(INFORMATION)
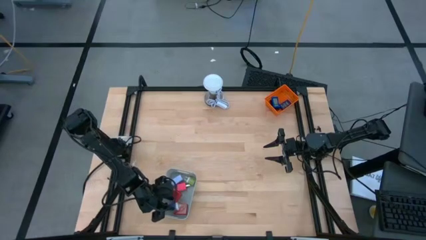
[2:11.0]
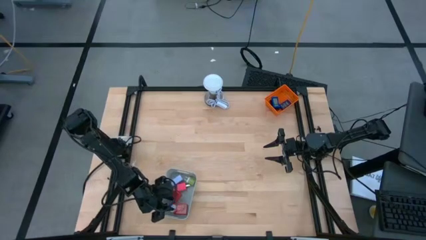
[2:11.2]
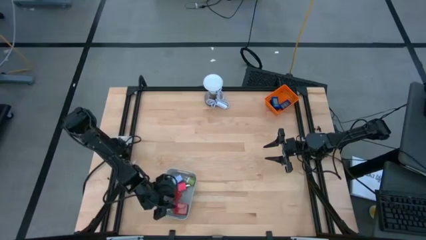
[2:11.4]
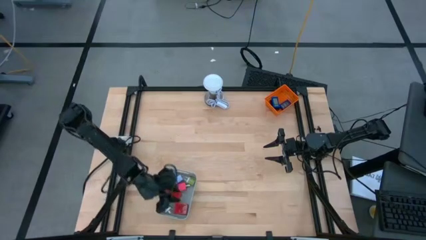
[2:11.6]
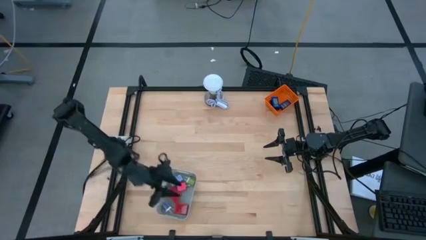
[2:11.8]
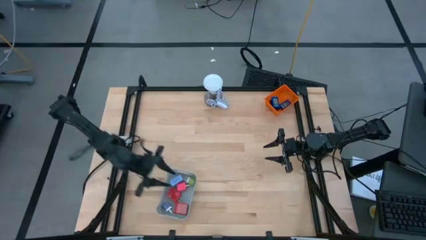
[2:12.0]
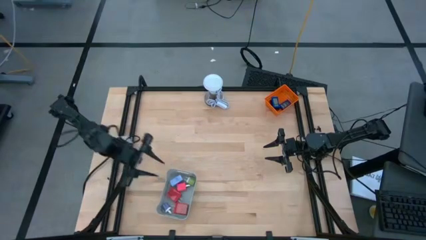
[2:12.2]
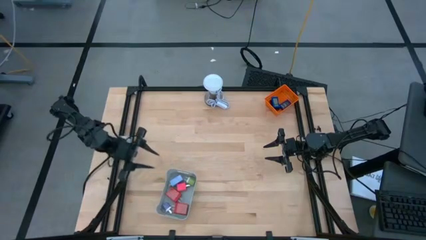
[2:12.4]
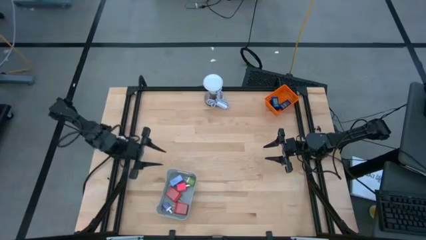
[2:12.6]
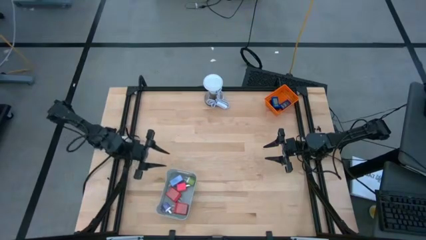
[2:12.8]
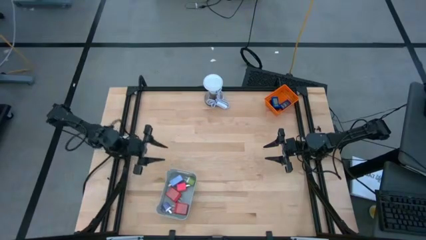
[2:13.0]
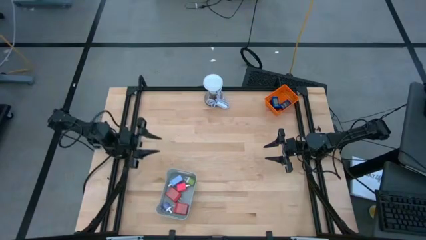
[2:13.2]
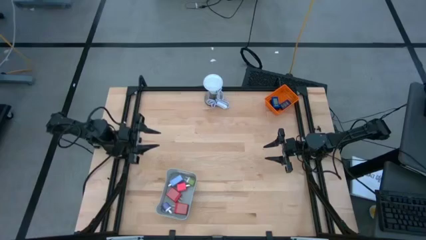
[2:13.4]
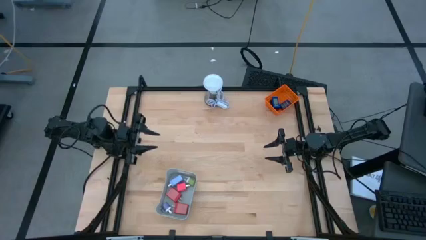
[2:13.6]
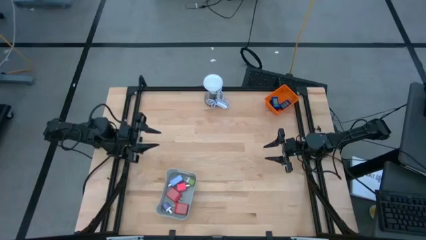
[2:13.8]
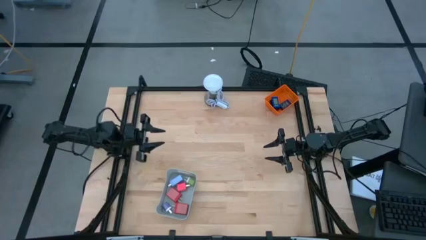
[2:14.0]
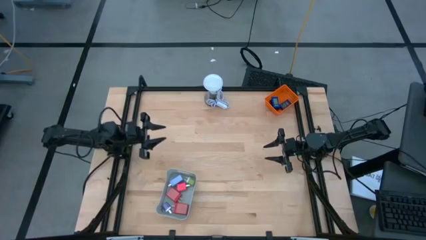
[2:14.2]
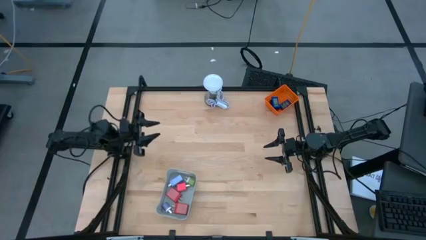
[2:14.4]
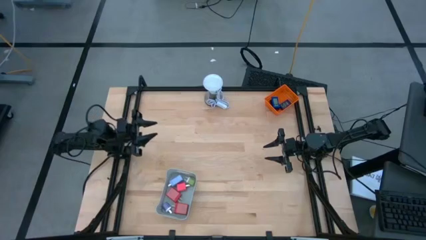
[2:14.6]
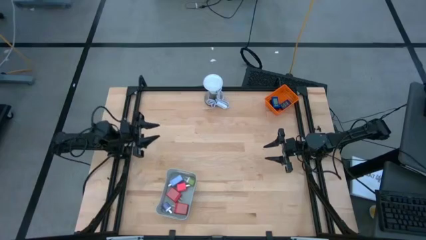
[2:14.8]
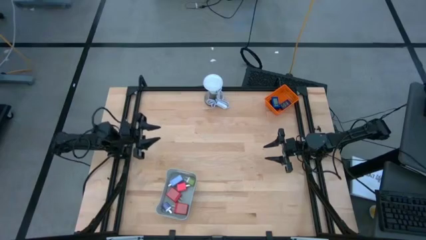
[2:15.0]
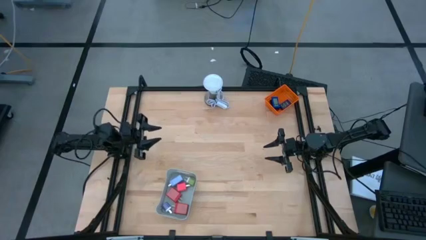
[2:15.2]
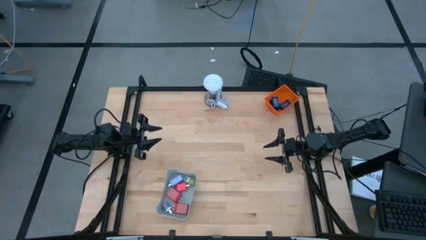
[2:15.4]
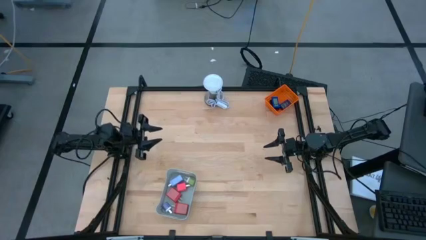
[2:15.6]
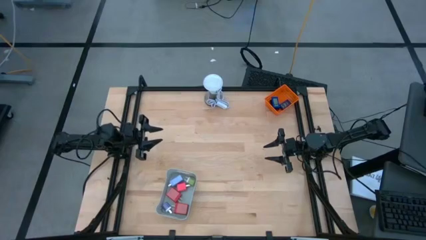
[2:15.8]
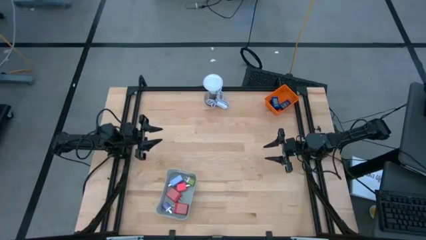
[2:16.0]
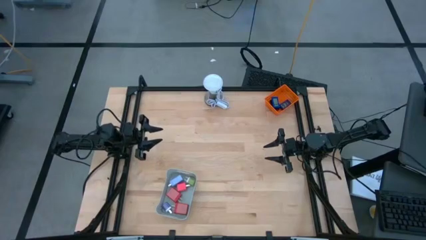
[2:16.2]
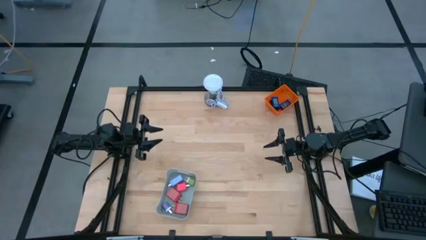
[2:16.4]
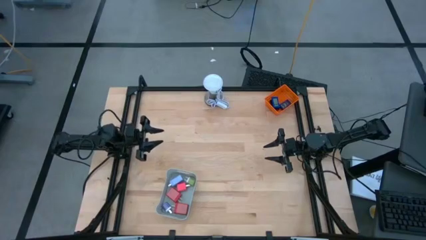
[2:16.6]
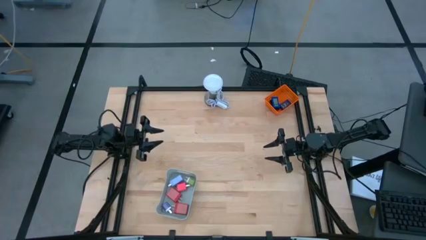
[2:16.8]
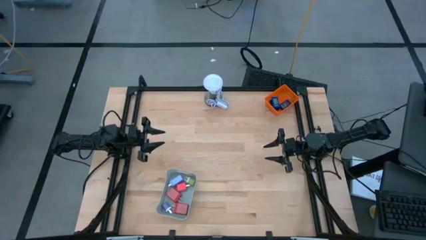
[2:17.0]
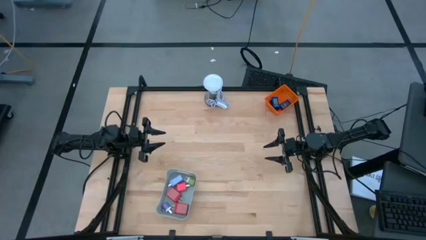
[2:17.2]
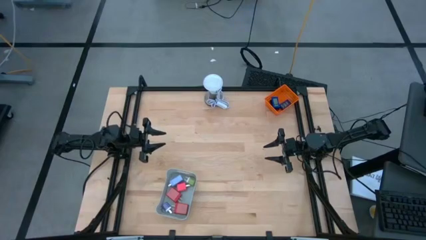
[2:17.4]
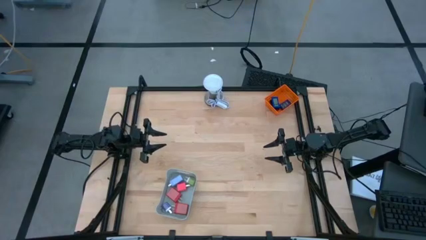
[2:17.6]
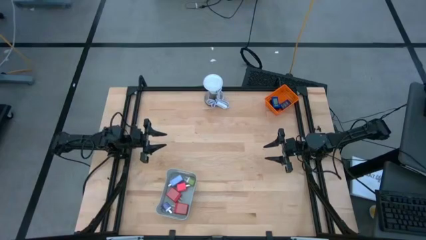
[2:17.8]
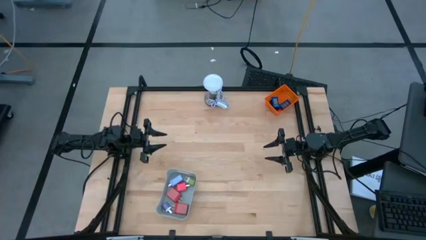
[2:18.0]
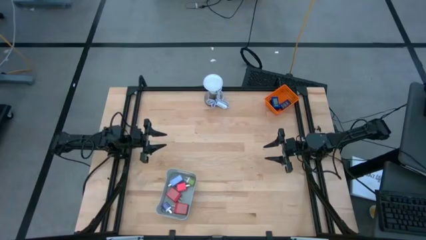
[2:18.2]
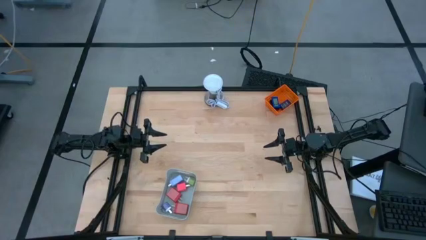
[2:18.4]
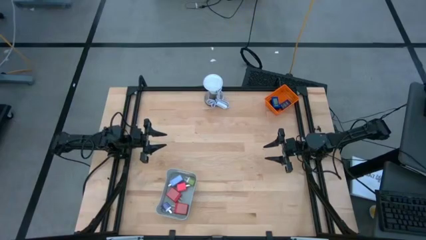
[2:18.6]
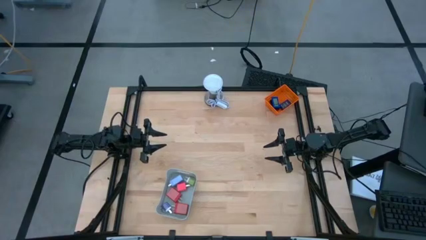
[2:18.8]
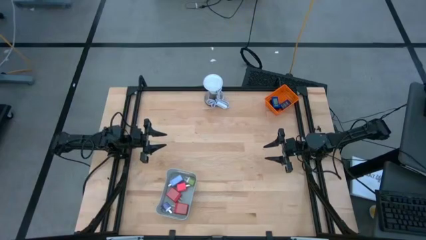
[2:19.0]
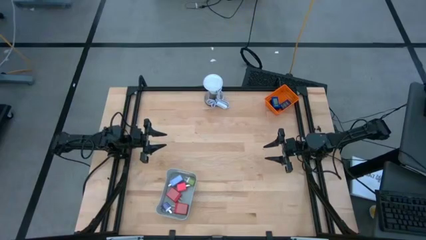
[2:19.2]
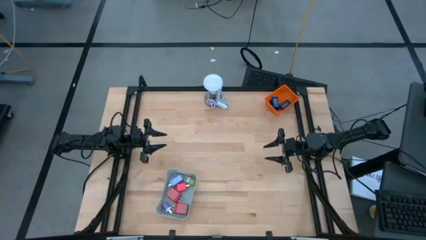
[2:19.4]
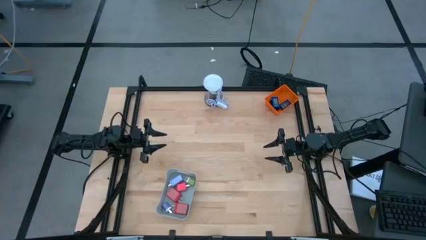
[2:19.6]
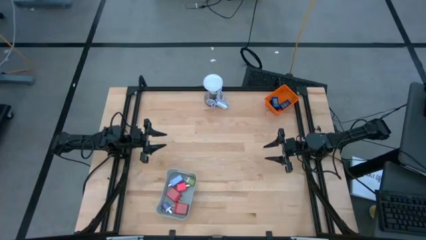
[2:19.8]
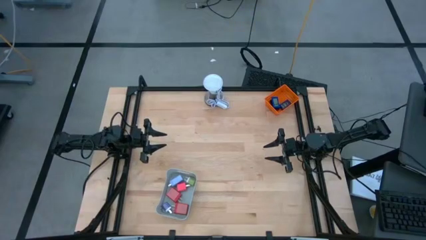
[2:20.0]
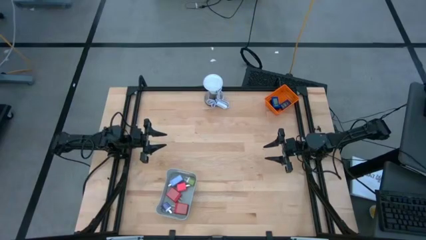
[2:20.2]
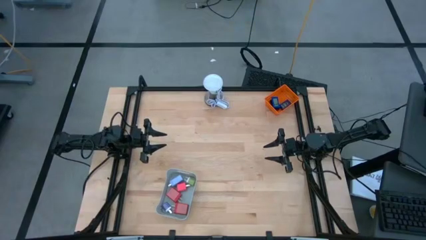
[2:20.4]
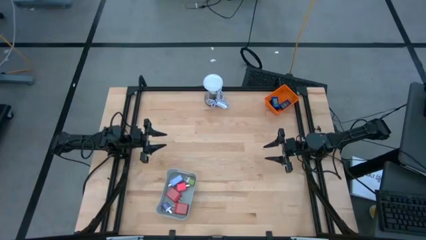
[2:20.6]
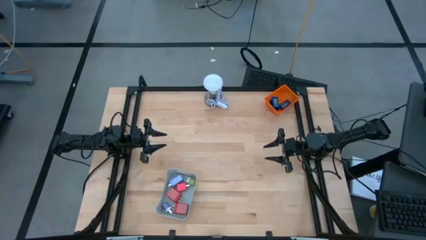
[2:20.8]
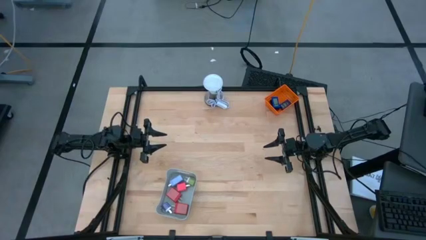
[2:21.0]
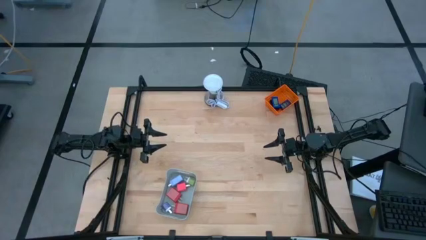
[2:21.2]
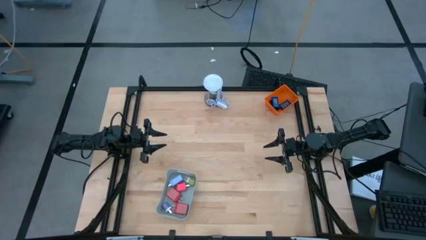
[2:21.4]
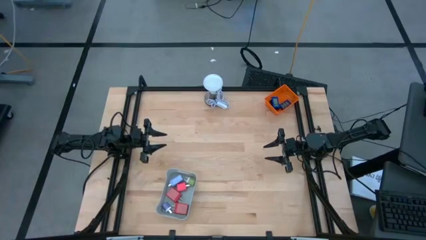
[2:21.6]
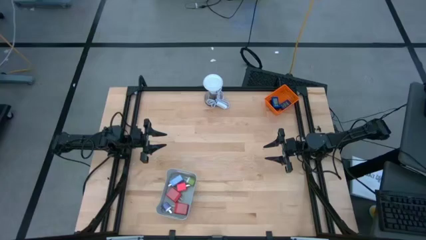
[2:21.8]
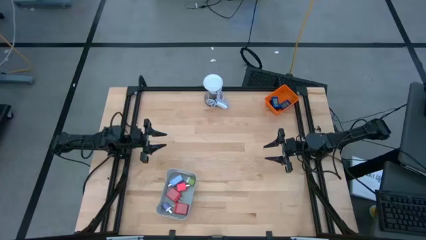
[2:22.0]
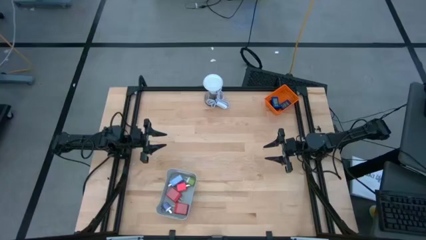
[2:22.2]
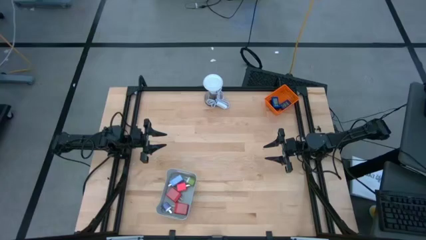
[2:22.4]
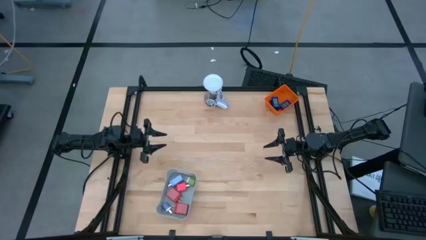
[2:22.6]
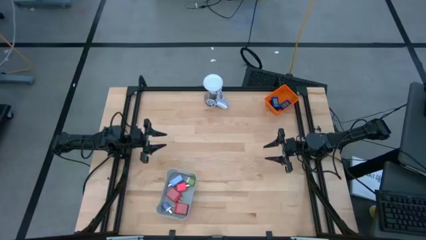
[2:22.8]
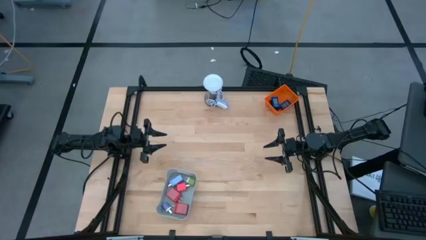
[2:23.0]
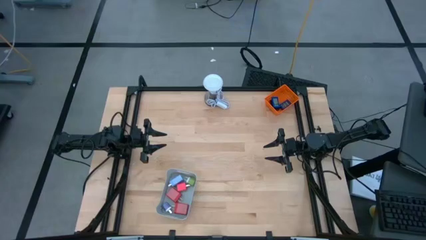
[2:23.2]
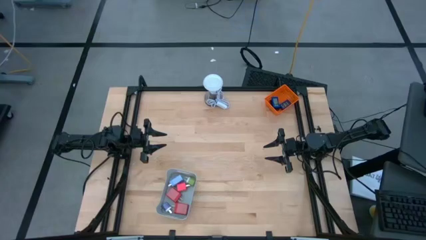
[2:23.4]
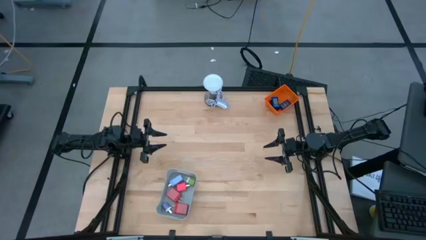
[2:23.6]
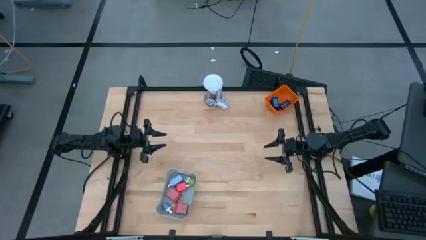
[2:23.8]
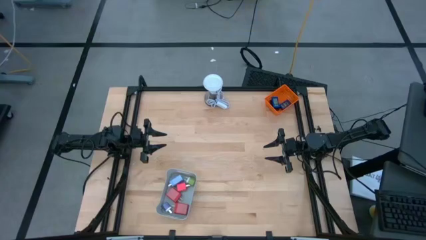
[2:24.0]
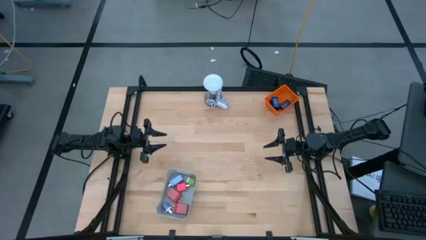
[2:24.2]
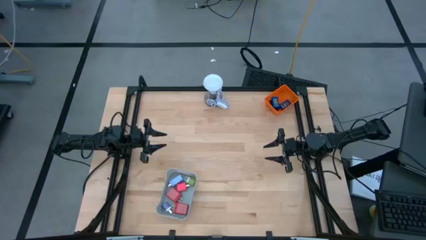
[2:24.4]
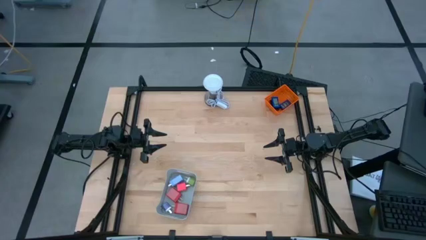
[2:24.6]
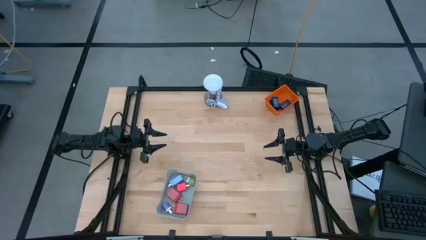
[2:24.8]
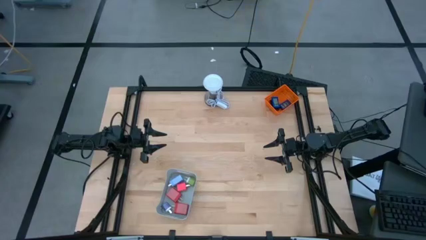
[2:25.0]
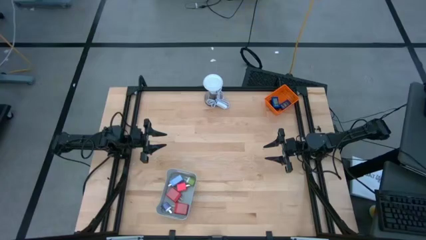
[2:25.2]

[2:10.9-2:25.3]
Task: Pick & Place Office items
Return to Home Position
(End INFORMATION)
* YOUR OBJECTIVE *
Exclude the pictures and reproduce every entry exactly.

* RESPONSE TO THE EXERCISE *
[2:11.0]
[2:11.2]
[2:11.4]
[2:11.6]
[2:11.8]
[2:12.0]
[2:12.2]
[2:12.4]
[2:12.6]
[2:12.8]
[2:13.0]
[2:13.2]
[2:13.4]
[2:13.6]
[2:13.8]
[2:14.0]
[2:14.2]
[2:14.4]
[2:14.6]
[2:14.8]
[2:15.0]
[2:15.2]
[2:15.4]
[2:15.6]
[2:15.8]
[2:16.0]
[2:16.2]
[2:16.4]
[2:16.6]
[2:16.8]
[2:17.0]
[2:17.2]
[2:17.4]
[2:17.6]
[2:17.8]
[2:18.0]
[2:18.2]
[2:18.4]
[2:18.6]
[2:18.8]
[2:19.0]
[2:19.2]
[2:19.4]
[2:19.6]
[2:19.8]
[2:20.0]
[2:20.2]
[2:20.4]
[2:20.6]
[2:20.8]
[2:21.0]
[2:21.2]
[2:21.4]
[2:21.6]
[2:21.8]
[2:22.0]
[2:22.2]
[2:22.4]
[2:22.6]
[2:22.8]
[2:23.0]
[2:23.2]
[2:23.4]
[2:23.6]
[2:23.8]
[2:24.0]
[2:24.2]
[2:24.4]
[2:24.6]
[2:24.8]
[2:25.0]
[2:25.2]

[2:10.9-2:25.3]
Task: Pick & Place Office items
Return to Home Position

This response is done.